"""

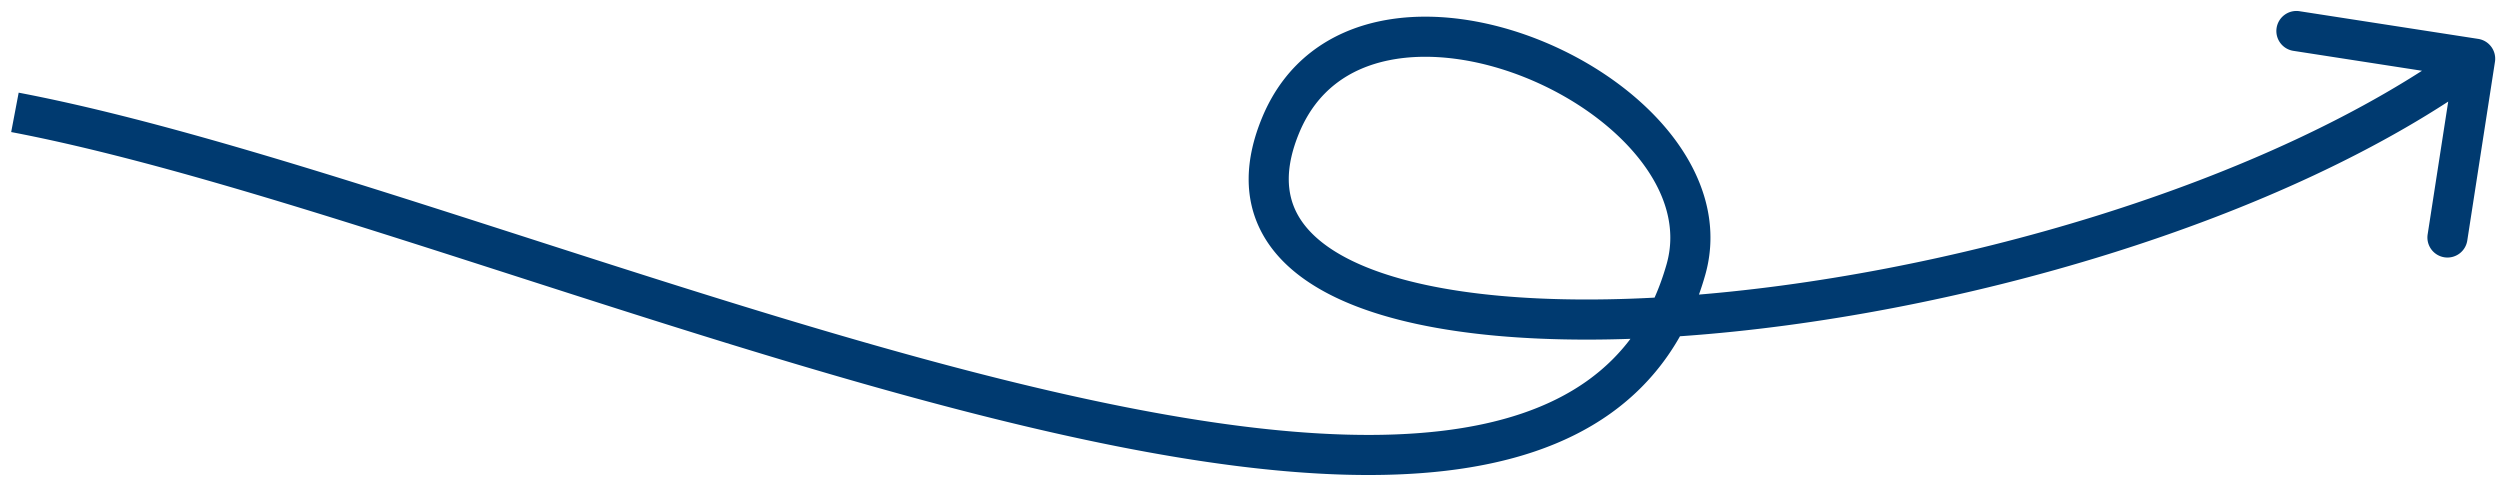 <svg width="187" height="36" fill="none" xmlns="http://www.w3.org/2000/svg"><path d="m126.107 20.163-1.443-.41 1.443.41ZM95.797 9.358l1.385.575-1.385-.575Zm90.826-4.737a1.5 1.5 0 0 0-1.252-1.712L172.03.843a1.5 1.5 0 1 0-.46 2.964l11.859 1.837-1.836 11.859a1.5 1.5 0 1 0 2.964.459l2.066-13.341ZM.836 9.878c9.604 1.827 21.576 5.582 34.381 9.697 12.764 4.101 26.324 8.55 38.976 11.7 12.621 3.143 24.524 5.044 33.945 3.94 4.728-.554 8.925-1.875 12.285-4.257 3.386-2.402 5.831-5.82 7.127-10.385l-2.886-.82c-1.12 3.945-3.179 6.773-5.977 8.758-2.824 2.003-6.491 3.208-10.899 3.725-8.85 1.037-20.308-.743-32.87-3.871-12.532-3.12-25.98-7.532-38.783-11.646-12.763-4.102-24.919-7.92-34.739-9.788l-.56 2.947ZM127.55 20.573c1.092-3.846-.201-7.55-2.592-10.567-2.385-3.01-5.95-5.47-9.783-7.005-3.829-1.533-8.075-2.2-11.851-1.438-3.838.773-7.174 3.032-8.912 7.22l2.77 1.15c1.307-3.147 3.743-4.826 6.735-5.43 3.054-.615 6.695-.097 10.143 1.283 3.444 1.378 6.545 3.557 8.547 6.083 1.995 2.517 2.807 5.242 2.057 7.885l2.886.82ZM94.412 8.783c-1.318 3.174-1.358 6.073-.065 8.551 1.264 2.423 3.66 4.169 6.639 5.394 5.937 2.442 14.905 3.117 24.885 2.41 19.996-1.418 45.025-8.464 60.156-19.536l-1.772-2.421c-14.525 10.63-38.944 17.571-58.596 18.964-9.842.698-18.247-.017-23.532-2.192-2.633-1.083-4.31-2.453-5.12-4.006-.781-1.498-.895-3.436.175-6.014l-2.77-1.15Z" fill="#003A70"/></svg>
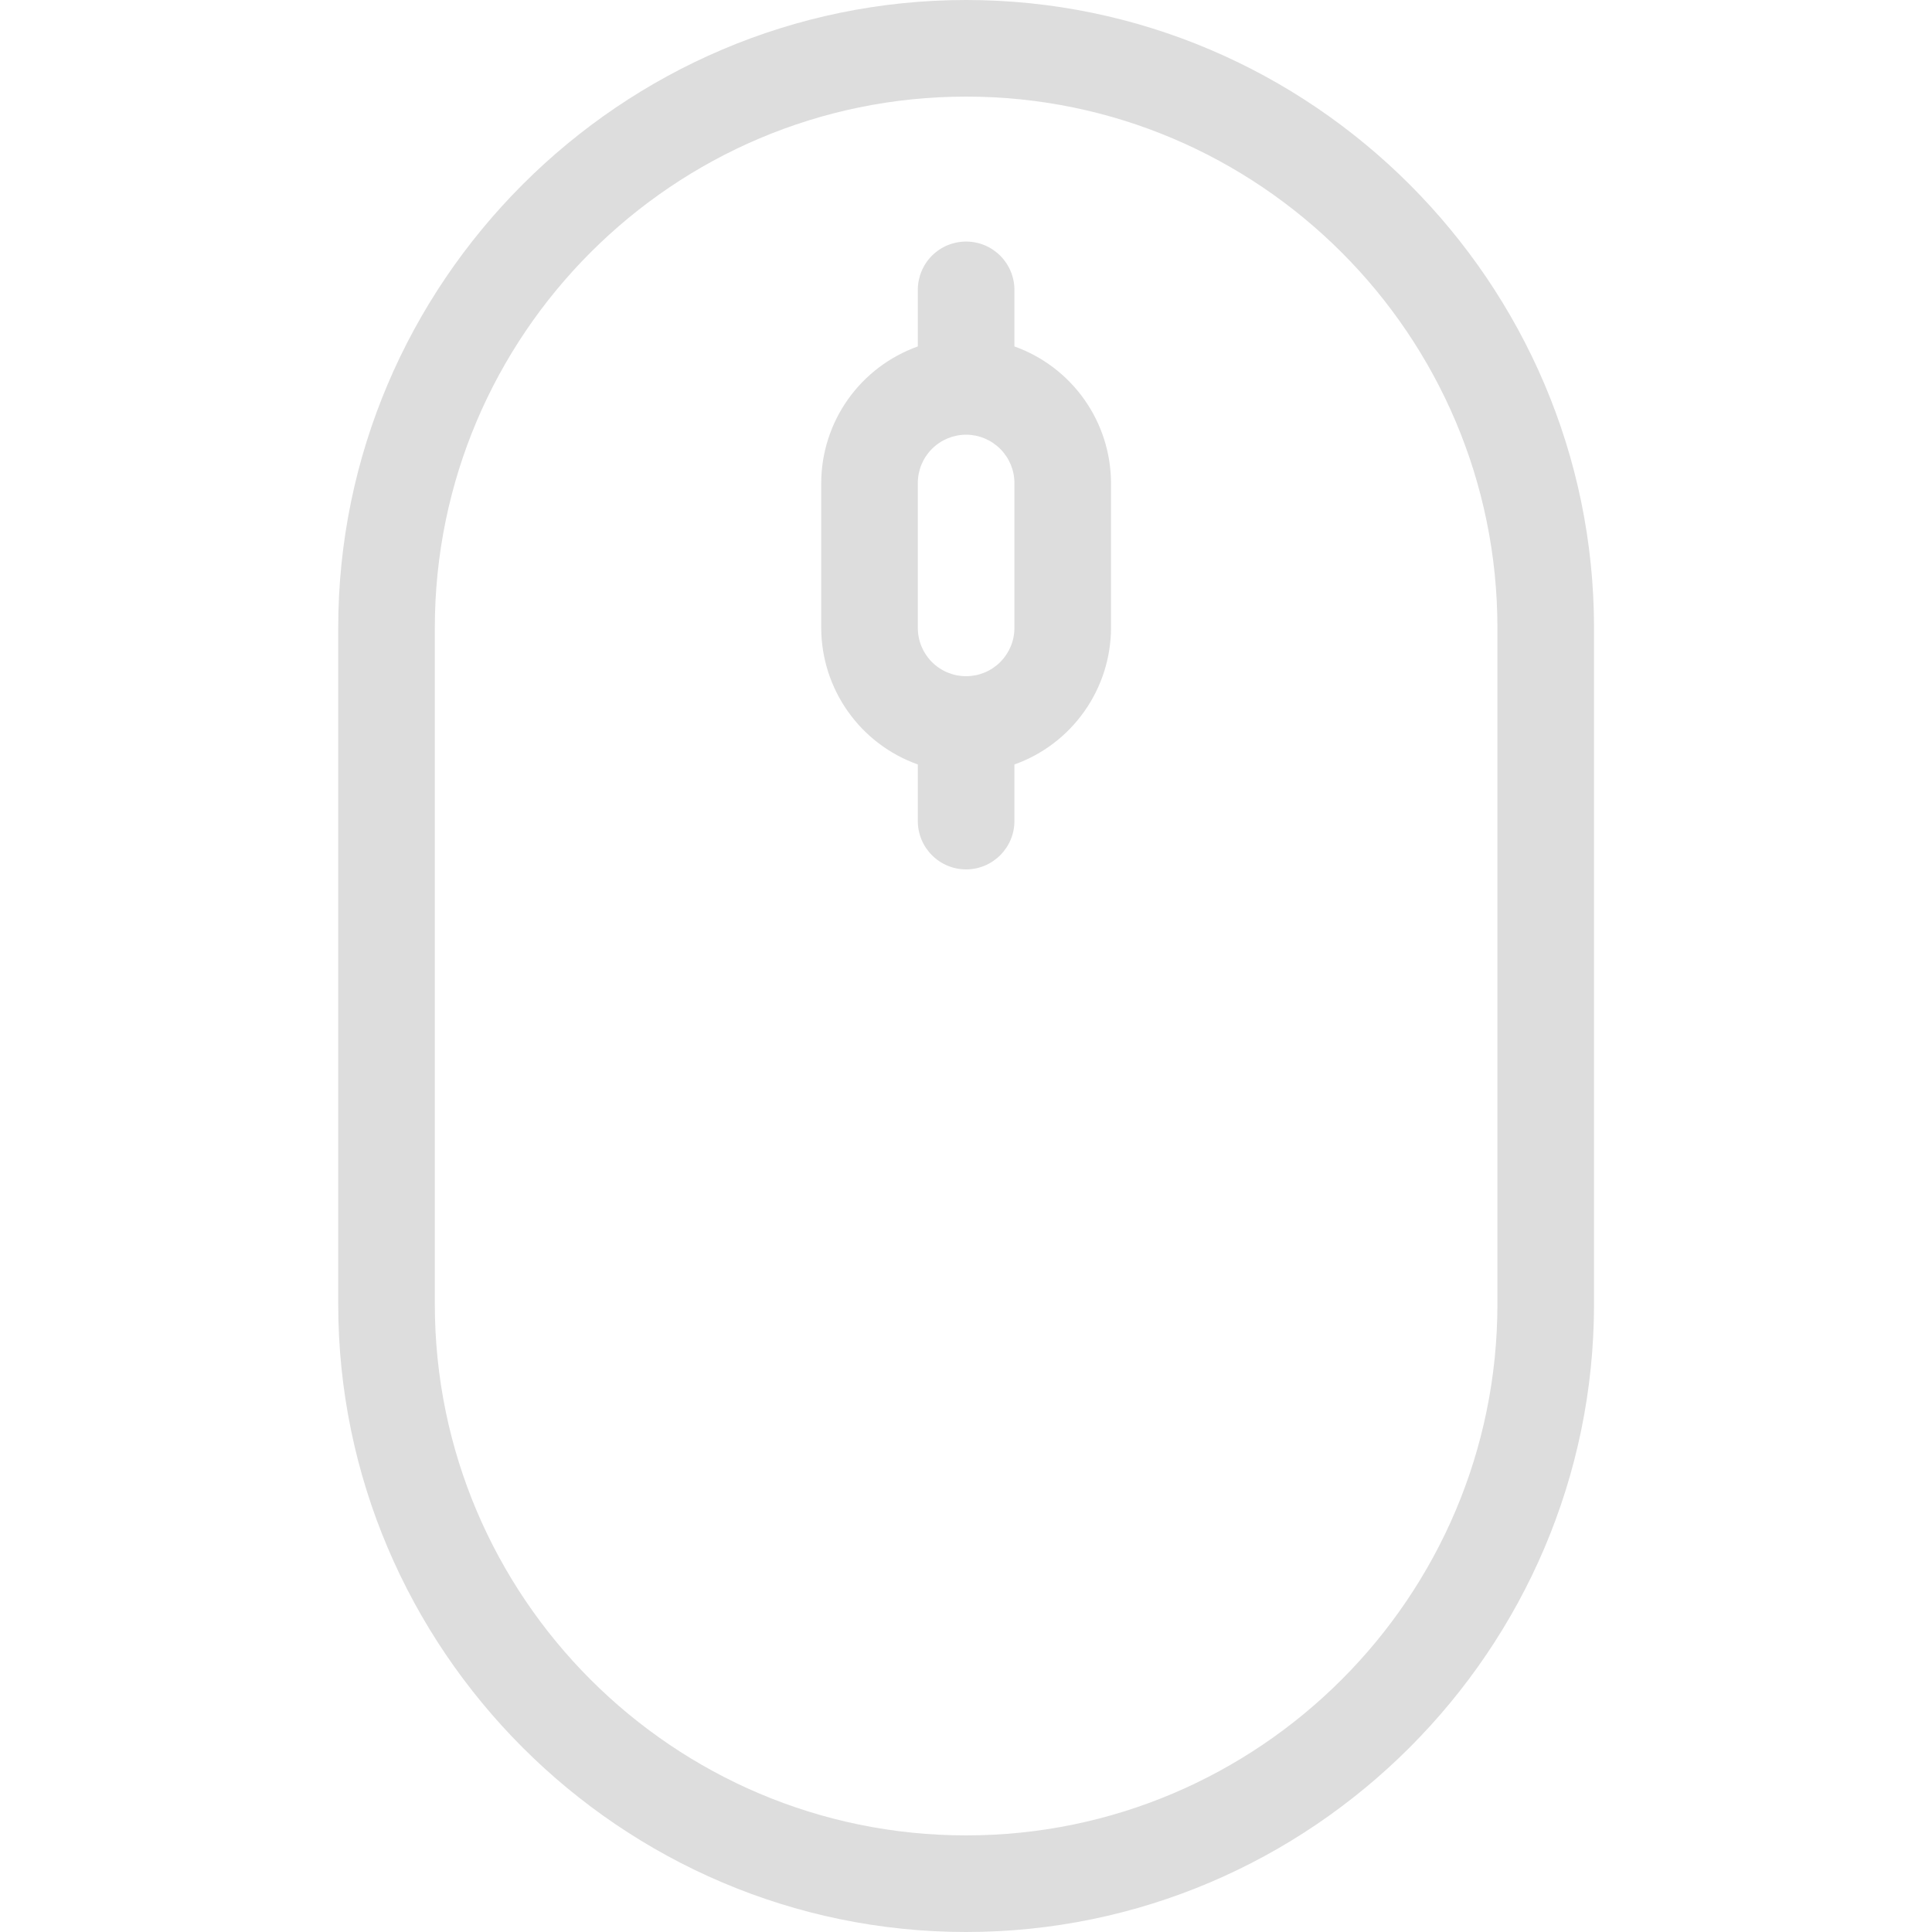 <svg width="32" height="32" viewBox="0 0 32 32" fill="none" xmlns="http://www.w3.org/2000/svg">
<path d="M16.002 0C10.282 0 5.602 4.68 5.602 10.4V21.6C5.602 27.32 10.282 32 16.002 32C21.722 32 26.402 27.32 26.402 21.6V10.4C26.402 4.68 21.722 0 16.002 0ZM24.802 21.6C24.802 26.453 20.854 30.4 16.002 30.4C11.149 30.4 7.202 26.453 7.202 21.6V10.4C7.202 5.548 11.149 1.6 16.002 1.6C20.854 1.6 24.802 5.548 24.802 10.4V21.6Z" fill="#DDDDDD"/>
<path d="M16.802 5.738V4.801C16.802 4.589 16.717 4.385 16.567 4.235C16.417 4.085 16.214 4.001 16.002 4.001C15.789 4.001 15.586 4.085 15.436 4.235C15.286 4.385 15.202 4.589 15.202 4.801V5.738C14.735 5.905 14.33 6.212 14.044 6.616C13.758 7.021 13.603 7.504 13.602 8V10.4C13.603 10.896 13.758 11.38 14.044 11.784C14.33 12.189 14.735 12.496 15.202 12.662V13.6C15.202 13.812 15.286 14.015 15.436 14.165C15.586 14.315 15.789 14.4 16.002 14.4C16.214 14.4 16.417 14.315 16.567 14.165C16.717 14.015 16.802 13.812 16.802 13.6V12.662C17.269 12.496 17.673 12.189 17.959 11.784C18.246 11.38 18.4 10.896 18.402 10.4V8C18.4 7.504 18.246 7.021 17.959 6.616C17.673 6.212 17.269 5.905 16.802 5.738ZM16.802 10.4C16.802 10.613 16.717 10.816 16.567 10.966C16.417 11.116 16.214 11.2 16.002 11.2C15.789 11.2 15.586 11.116 15.436 10.966C15.286 10.816 15.202 10.613 15.202 10.4V8C15.202 7.788 15.286 7.585 15.436 7.435C15.586 7.285 15.789 7.2 16.002 7.2C16.214 7.2 16.417 7.285 16.567 7.435C16.717 7.585 16.802 7.788 16.802 8V10.4Z" fill="#DDDDDD"/>
</svg>

"""

ABOUT THIS EXERCISE :: Pull each line that includes the word "DDDDDD" out of the material above.

YOUR RESPONSE ::
<path d="M16.002 0C10.282 0 5.602 4.68 5.602 10.4V21.6C5.602 27.32 10.282 32 16.002 32C21.722 32 26.402 27.32 26.402 21.6V10.4C26.402 4.68 21.722 0 16.002 0ZM24.802 21.6C24.802 26.453 20.854 30.4 16.002 30.4C11.149 30.4 7.202 26.453 7.202 21.6V10.4C7.202 5.548 11.149 1.6 16.002 1.6C20.854 1.6 24.802 5.548 24.802 10.4V21.6Z" fill="#DDDDDD"/>
<path d="M16.802 5.738V4.801C16.802 4.589 16.717 4.385 16.567 4.235C16.417 4.085 16.214 4.001 16.002 4.001C15.789 4.001 15.586 4.085 15.436 4.235C15.286 4.385 15.202 4.589 15.202 4.801V5.738C14.735 5.905 14.33 6.212 14.044 6.616C13.758 7.021 13.603 7.504 13.602 8V10.4C13.603 10.896 13.758 11.38 14.044 11.784C14.33 12.189 14.735 12.496 15.202 12.662V13.6C15.202 13.812 15.286 14.015 15.436 14.165C15.586 14.315 15.789 14.4 16.002 14.4C16.214 14.4 16.417 14.315 16.567 14.165C16.717 14.015 16.802 13.812 16.802 13.6V12.662C17.269 12.496 17.673 12.189 17.959 11.784C18.246 11.38 18.4 10.896 18.402 10.4V8C18.4 7.504 18.246 7.021 17.959 6.616C17.673 6.212 17.269 5.905 16.802 5.738ZM16.802 10.4C16.802 10.613 16.717 10.816 16.567 10.966C16.417 11.116 16.214 11.2 16.002 11.2C15.789 11.2 15.586 11.116 15.436 10.966C15.286 10.816 15.202 10.613 15.202 10.4V8C15.202 7.788 15.286 7.585 15.436 7.435C15.586 7.285 15.789 7.2 16.002 7.2C16.214 7.2 16.417 7.285 16.567 7.435C16.717 7.585 16.802 7.788 16.802 8V10.4Z" fill="#DDDDDD"/>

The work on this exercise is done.